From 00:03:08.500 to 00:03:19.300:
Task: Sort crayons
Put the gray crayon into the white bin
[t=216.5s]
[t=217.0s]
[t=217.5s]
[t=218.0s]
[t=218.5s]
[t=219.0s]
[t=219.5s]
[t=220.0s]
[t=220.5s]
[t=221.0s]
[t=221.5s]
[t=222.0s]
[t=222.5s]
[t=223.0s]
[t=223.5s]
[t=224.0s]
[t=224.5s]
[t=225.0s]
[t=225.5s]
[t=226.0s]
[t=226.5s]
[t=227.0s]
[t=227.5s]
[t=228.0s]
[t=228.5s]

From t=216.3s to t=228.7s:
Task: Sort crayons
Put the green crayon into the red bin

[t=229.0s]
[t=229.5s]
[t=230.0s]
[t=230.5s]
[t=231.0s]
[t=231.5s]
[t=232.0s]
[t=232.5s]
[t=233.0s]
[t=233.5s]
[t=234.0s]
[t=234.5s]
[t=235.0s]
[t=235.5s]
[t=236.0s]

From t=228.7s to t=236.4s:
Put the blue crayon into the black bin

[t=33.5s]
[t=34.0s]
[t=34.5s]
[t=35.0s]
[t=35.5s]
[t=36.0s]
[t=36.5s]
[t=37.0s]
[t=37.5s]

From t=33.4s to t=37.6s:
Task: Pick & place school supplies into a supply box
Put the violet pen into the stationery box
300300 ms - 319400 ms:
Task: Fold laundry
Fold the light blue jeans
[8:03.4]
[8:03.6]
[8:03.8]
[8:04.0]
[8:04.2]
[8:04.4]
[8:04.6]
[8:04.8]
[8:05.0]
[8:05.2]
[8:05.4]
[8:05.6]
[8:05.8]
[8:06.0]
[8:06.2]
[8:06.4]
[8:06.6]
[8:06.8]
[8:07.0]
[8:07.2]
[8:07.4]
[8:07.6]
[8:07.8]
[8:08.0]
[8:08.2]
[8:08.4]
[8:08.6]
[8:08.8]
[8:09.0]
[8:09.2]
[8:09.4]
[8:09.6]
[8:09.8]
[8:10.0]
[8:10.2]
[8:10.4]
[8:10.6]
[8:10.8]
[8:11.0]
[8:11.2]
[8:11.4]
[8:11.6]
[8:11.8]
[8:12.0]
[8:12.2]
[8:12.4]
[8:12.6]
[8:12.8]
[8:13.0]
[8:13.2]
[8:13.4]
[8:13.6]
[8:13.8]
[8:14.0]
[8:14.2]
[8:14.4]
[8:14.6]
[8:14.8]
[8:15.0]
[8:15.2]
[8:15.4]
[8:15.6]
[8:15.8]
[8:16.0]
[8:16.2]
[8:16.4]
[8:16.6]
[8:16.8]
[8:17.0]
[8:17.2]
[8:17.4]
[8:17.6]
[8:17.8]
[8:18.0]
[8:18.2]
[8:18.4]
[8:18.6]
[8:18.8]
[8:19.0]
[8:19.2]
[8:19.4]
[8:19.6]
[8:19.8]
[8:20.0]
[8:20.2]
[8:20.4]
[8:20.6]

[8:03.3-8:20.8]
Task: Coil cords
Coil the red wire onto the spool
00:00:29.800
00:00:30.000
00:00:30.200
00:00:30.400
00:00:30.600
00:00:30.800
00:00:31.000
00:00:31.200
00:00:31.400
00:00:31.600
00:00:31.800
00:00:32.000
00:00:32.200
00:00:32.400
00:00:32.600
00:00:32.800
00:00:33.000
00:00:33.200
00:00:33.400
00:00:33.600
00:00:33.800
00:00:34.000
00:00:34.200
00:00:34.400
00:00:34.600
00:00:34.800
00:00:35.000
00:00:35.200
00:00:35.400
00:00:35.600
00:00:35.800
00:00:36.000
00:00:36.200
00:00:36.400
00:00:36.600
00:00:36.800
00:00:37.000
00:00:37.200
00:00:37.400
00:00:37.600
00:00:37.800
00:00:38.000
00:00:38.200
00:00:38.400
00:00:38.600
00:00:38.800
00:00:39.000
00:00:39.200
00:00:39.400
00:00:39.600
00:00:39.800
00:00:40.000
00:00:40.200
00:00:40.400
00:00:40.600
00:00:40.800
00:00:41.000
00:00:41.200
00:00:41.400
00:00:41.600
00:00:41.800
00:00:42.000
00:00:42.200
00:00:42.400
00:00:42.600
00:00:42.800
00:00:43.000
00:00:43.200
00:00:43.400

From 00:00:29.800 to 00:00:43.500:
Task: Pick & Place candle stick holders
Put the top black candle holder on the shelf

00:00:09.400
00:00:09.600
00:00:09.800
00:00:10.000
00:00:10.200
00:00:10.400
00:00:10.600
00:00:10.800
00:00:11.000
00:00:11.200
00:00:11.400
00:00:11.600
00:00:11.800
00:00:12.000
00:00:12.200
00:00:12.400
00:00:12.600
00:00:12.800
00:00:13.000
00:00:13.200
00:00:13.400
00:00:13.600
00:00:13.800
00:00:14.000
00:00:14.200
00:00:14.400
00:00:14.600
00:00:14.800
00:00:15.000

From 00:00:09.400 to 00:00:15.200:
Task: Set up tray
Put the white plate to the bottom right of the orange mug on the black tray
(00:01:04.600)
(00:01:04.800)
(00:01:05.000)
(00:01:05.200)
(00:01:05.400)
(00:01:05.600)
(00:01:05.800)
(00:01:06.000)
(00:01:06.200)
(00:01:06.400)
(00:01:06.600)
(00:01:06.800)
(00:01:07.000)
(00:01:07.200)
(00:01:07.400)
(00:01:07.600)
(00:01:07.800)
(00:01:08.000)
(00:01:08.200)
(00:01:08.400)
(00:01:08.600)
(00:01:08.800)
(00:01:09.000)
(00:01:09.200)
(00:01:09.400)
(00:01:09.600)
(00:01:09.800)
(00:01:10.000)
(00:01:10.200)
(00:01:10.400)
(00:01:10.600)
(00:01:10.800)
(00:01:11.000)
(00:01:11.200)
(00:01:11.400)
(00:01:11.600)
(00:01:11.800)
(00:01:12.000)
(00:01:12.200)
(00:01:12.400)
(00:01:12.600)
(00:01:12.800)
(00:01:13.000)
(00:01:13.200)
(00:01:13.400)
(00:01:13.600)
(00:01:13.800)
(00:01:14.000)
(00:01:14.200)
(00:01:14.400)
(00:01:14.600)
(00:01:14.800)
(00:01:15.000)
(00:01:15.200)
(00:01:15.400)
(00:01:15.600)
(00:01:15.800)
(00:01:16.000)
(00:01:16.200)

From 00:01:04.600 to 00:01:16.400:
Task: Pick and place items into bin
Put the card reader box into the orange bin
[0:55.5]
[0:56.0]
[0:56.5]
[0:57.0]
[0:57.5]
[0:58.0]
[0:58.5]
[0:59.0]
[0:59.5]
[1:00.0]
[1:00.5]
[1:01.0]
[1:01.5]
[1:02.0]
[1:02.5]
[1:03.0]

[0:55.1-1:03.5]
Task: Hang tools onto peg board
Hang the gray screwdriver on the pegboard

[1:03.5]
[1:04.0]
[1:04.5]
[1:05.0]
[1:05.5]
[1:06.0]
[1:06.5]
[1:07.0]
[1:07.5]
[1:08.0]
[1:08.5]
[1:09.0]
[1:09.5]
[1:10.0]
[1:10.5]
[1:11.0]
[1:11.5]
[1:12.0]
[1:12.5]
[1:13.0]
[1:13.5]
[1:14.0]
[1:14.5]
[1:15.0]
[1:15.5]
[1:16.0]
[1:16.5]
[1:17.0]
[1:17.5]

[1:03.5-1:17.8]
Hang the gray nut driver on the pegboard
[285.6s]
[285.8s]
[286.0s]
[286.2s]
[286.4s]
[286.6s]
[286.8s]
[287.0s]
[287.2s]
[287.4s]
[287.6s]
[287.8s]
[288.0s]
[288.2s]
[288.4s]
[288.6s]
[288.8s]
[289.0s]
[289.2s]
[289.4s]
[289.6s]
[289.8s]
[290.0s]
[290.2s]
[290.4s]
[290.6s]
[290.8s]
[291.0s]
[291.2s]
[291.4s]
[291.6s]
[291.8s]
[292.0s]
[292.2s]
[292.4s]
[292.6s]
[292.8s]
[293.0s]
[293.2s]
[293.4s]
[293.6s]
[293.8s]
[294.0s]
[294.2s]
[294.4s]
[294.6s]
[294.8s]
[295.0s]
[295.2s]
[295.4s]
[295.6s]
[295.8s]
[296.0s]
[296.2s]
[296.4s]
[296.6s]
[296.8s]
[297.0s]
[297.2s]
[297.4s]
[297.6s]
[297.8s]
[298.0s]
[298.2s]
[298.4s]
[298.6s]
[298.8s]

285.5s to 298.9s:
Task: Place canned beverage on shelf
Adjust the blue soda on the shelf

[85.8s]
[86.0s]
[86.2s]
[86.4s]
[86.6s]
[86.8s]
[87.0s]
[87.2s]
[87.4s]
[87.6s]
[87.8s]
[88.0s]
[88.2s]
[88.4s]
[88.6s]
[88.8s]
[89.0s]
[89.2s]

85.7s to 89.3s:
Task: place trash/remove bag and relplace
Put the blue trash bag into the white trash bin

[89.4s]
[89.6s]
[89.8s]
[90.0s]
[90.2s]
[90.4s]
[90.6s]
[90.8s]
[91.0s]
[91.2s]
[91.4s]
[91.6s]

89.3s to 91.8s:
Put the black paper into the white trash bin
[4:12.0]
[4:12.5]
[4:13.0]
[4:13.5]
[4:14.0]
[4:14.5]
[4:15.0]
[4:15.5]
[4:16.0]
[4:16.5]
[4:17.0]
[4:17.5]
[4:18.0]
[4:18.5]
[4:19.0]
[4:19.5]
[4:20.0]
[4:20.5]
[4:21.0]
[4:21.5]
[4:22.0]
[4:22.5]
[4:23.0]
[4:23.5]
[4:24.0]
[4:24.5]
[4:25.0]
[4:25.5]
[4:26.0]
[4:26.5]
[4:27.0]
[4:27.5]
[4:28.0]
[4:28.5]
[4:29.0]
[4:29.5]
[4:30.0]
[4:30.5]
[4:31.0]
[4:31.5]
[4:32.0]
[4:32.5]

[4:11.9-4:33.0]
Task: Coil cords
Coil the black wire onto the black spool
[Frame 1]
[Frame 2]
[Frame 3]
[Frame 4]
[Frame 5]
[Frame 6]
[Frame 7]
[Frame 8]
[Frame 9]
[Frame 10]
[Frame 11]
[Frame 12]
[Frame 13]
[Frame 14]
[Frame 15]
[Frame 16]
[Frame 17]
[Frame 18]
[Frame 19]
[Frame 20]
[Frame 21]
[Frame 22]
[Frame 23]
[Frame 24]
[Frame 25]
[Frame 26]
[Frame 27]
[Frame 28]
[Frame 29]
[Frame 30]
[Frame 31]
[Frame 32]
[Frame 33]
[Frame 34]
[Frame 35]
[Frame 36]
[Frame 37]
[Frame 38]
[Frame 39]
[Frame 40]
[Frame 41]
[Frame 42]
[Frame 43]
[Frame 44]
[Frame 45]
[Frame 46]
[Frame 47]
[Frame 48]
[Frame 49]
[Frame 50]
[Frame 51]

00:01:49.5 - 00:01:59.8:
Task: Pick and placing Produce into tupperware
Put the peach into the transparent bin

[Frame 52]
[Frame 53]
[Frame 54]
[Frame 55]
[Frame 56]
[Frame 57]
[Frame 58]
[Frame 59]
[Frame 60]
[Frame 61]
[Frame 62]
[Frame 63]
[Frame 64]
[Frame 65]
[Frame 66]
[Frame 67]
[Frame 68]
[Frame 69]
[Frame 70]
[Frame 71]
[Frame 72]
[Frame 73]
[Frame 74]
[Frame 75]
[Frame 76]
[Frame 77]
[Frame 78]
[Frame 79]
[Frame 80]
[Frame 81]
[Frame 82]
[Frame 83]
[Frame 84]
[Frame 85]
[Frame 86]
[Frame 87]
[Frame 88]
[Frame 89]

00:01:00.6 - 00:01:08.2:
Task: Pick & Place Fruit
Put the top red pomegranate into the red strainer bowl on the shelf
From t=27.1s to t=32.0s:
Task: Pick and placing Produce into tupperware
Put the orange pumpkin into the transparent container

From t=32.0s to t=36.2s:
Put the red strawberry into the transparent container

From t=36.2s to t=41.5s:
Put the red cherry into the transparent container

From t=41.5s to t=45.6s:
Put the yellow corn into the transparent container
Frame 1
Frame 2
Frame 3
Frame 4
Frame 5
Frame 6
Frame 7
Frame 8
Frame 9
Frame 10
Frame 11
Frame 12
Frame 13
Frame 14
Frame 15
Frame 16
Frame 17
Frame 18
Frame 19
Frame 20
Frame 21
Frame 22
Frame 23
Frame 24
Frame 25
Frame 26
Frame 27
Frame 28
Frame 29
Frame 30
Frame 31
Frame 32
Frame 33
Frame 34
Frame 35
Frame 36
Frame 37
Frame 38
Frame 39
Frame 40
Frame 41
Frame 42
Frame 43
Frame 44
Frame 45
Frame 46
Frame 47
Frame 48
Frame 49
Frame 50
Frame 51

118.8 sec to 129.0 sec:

☆ ☆ ☆ ☆

Only the lines above from the one with "00:00:41.000" through the one with "00:00:43.400" should be duplicated, character for character.

*The completed task*.
00:00:41.000
00:00:41.200
00:00:41.400
00:00:41.600
00:00:41.800
00:00:42.000
00:00:42.200
00:00:42.400
00:00:42.600
00:00:42.800
00:00:43.000
00:00:43.200
00:00:43.400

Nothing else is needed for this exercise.